Required action: Could you repeat the records below exactly, without the pictures?

Input data:
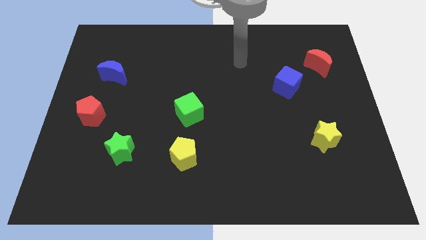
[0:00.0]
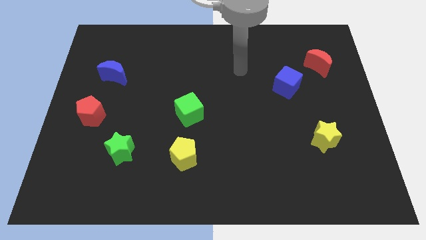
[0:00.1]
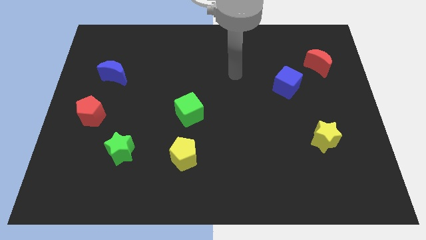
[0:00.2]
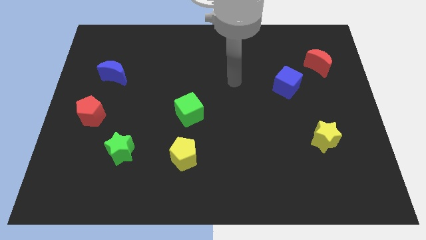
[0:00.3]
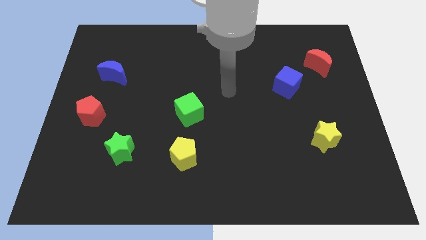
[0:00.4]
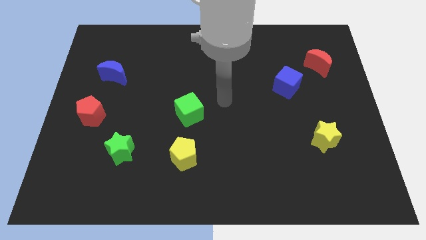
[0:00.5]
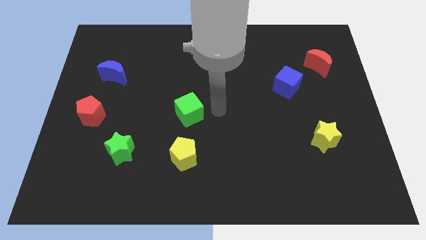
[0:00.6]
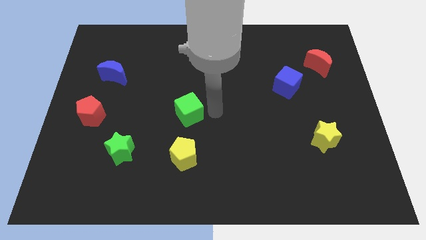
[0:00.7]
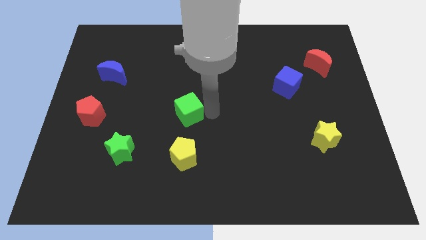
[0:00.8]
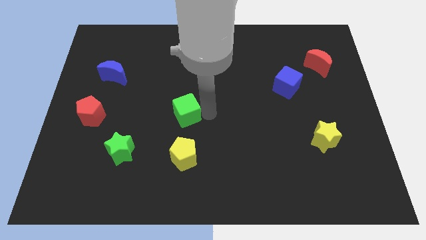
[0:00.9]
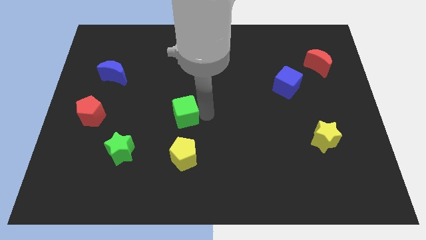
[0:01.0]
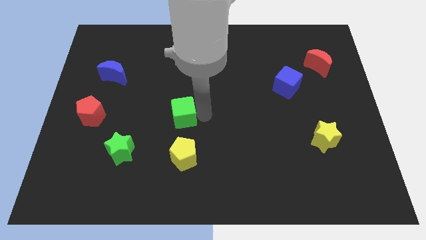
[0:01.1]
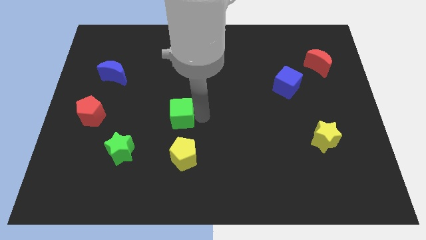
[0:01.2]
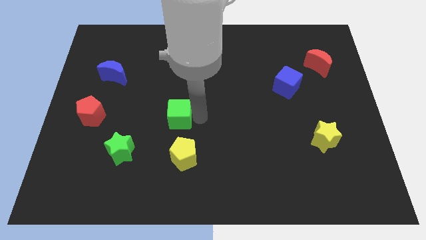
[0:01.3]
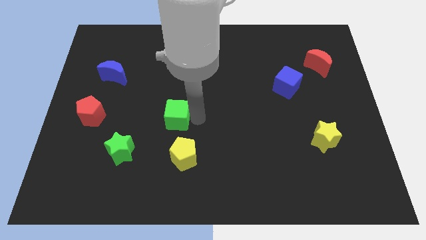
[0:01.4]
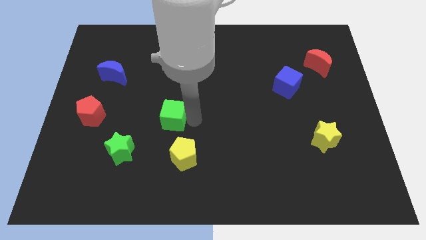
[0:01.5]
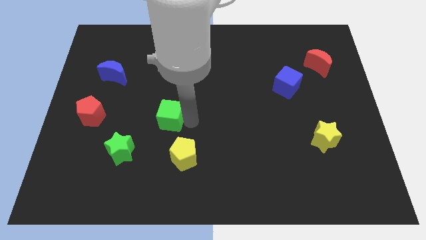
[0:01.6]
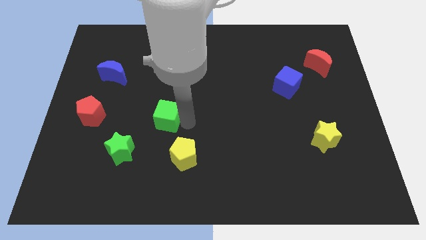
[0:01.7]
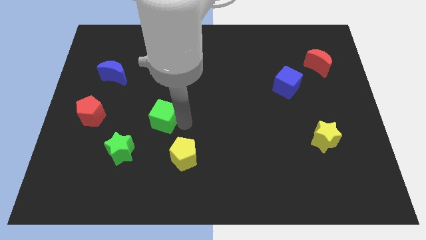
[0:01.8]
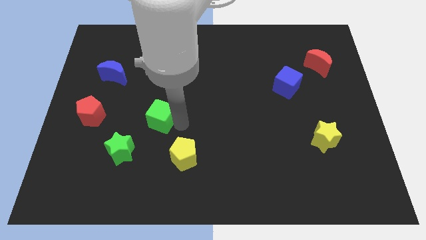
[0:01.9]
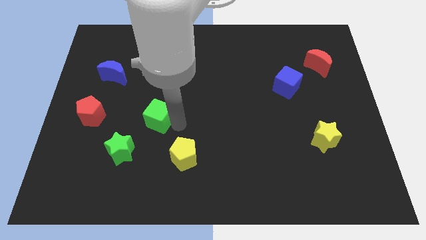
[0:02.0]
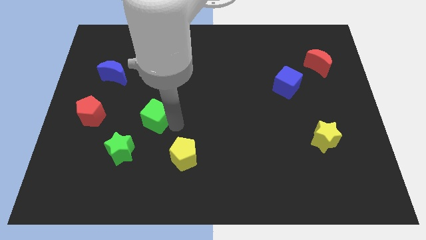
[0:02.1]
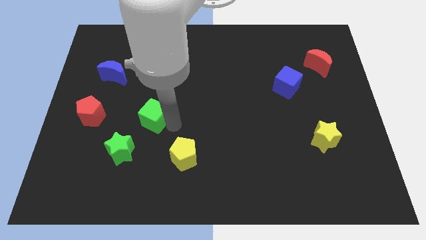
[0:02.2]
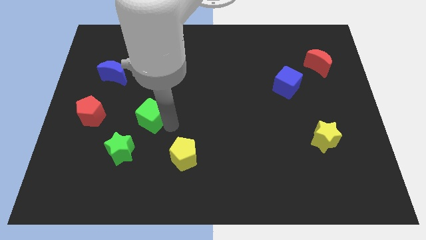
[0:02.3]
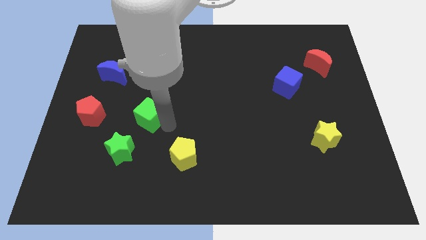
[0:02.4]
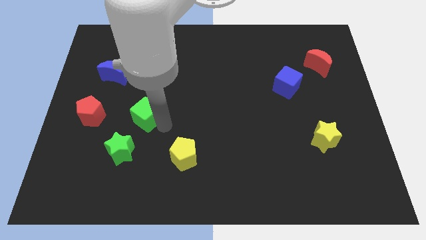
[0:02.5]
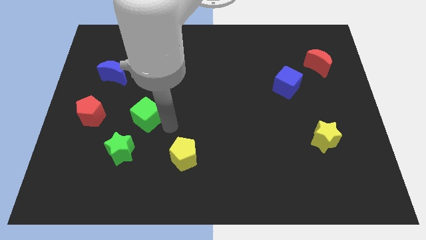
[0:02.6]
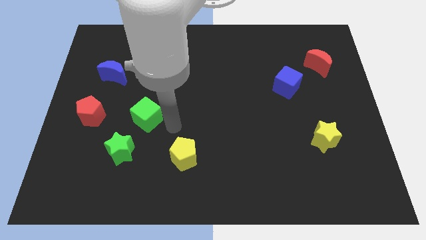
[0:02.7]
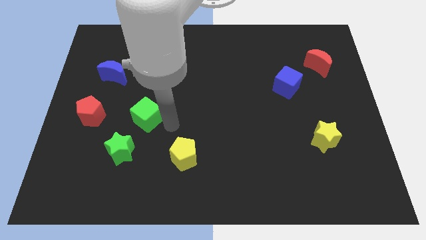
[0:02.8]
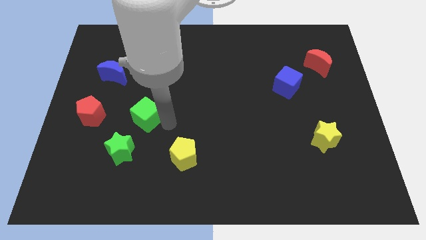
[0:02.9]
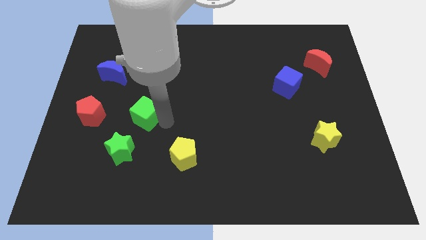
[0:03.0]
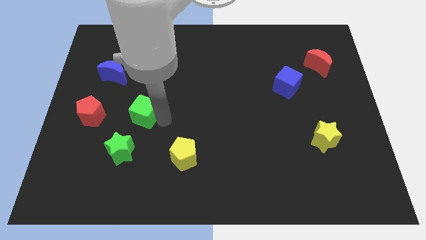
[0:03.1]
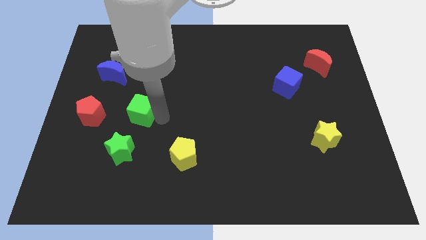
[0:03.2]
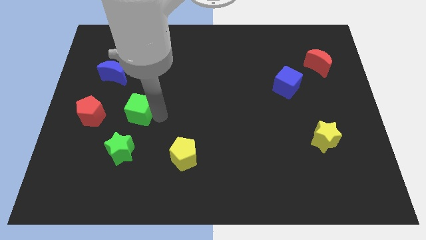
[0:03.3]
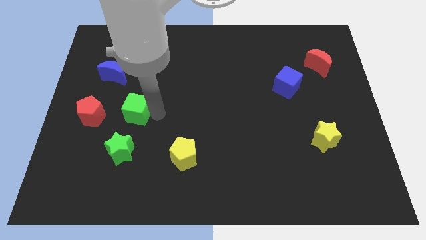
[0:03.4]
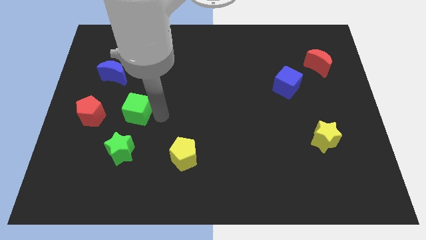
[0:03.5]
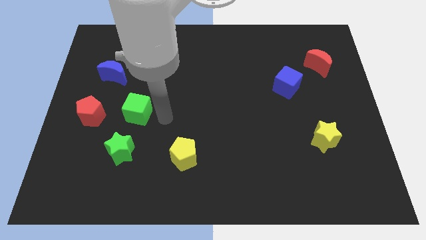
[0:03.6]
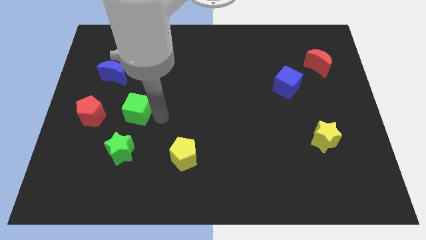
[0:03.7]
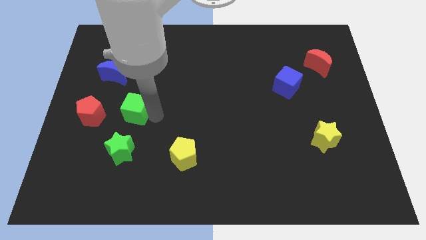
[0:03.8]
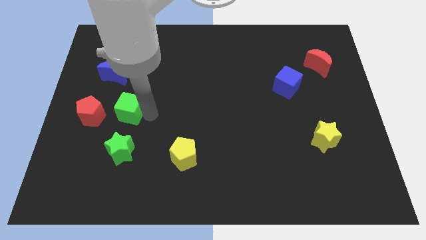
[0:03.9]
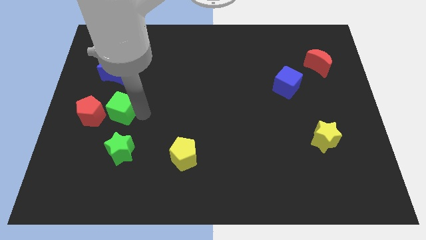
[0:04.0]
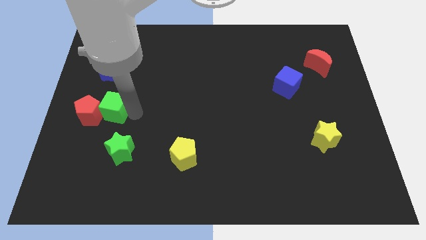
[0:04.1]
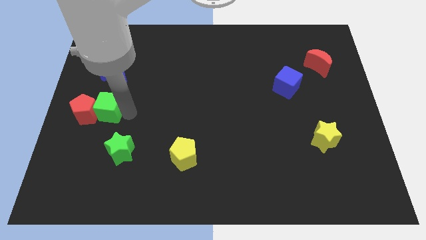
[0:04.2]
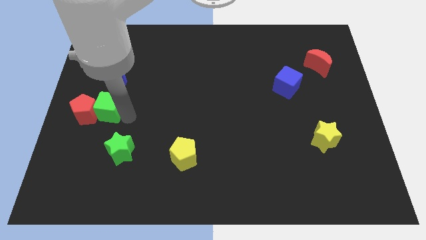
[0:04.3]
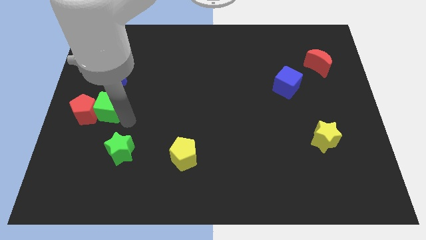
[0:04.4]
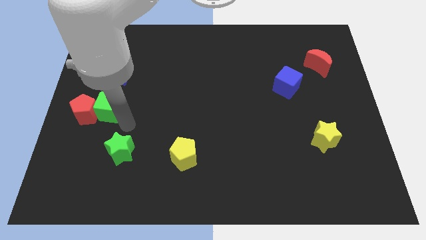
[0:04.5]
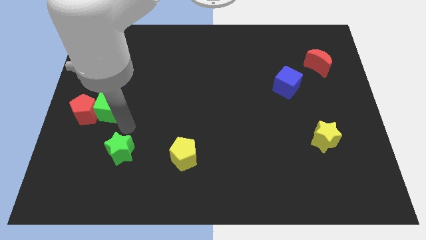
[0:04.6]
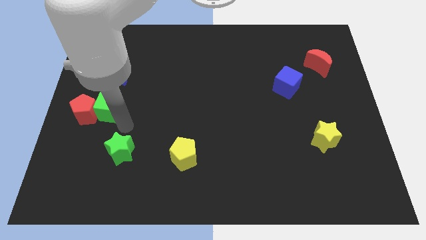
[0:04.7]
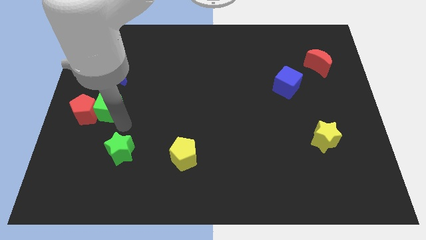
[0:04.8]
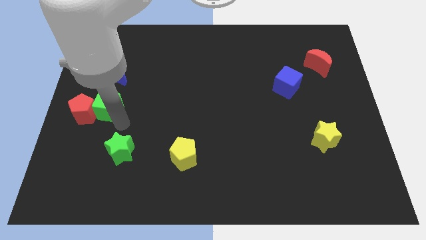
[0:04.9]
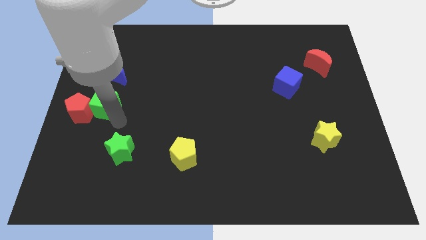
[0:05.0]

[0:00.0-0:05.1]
push the green cube to the center left

Solution to this exercise:
[0:00.0]
[0:00.1]
[0:00.2]
[0:00.3]
[0:00.4]
[0:00.5]
[0:00.6]
[0:00.7]
[0:00.8]
[0:00.9]
[0:01.0]
[0:01.1]
[0:01.2]
[0:01.3]
[0:01.4]
[0:01.5]
[0:01.6]
[0:01.7]
[0:01.8]
[0:01.9]
[0:02.0]
[0:02.1]
[0:02.2]
[0:02.3]
[0:02.4]
[0:02.5]
[0:02.6]
[0:02.7]
[0:02.8]
[0:02.9]
[0:03.0]
[0:03.1]
[0:03.2]
[0:03.3]
[0:03.4]
[0:03.5]
[0:03.6]
[0:03.7]
[0:03.8]
[0:03.9]
[0:04.0]
[0:04.1]
[0:04.2]
[0:04.3]
[0:04.4]
[0:04.5]
[0:04.6]
[0:04.7]
[0:04.8]
[0:04.9]
[0:05.0]

[0:00.0-0:05.1]
push the green cube to the center left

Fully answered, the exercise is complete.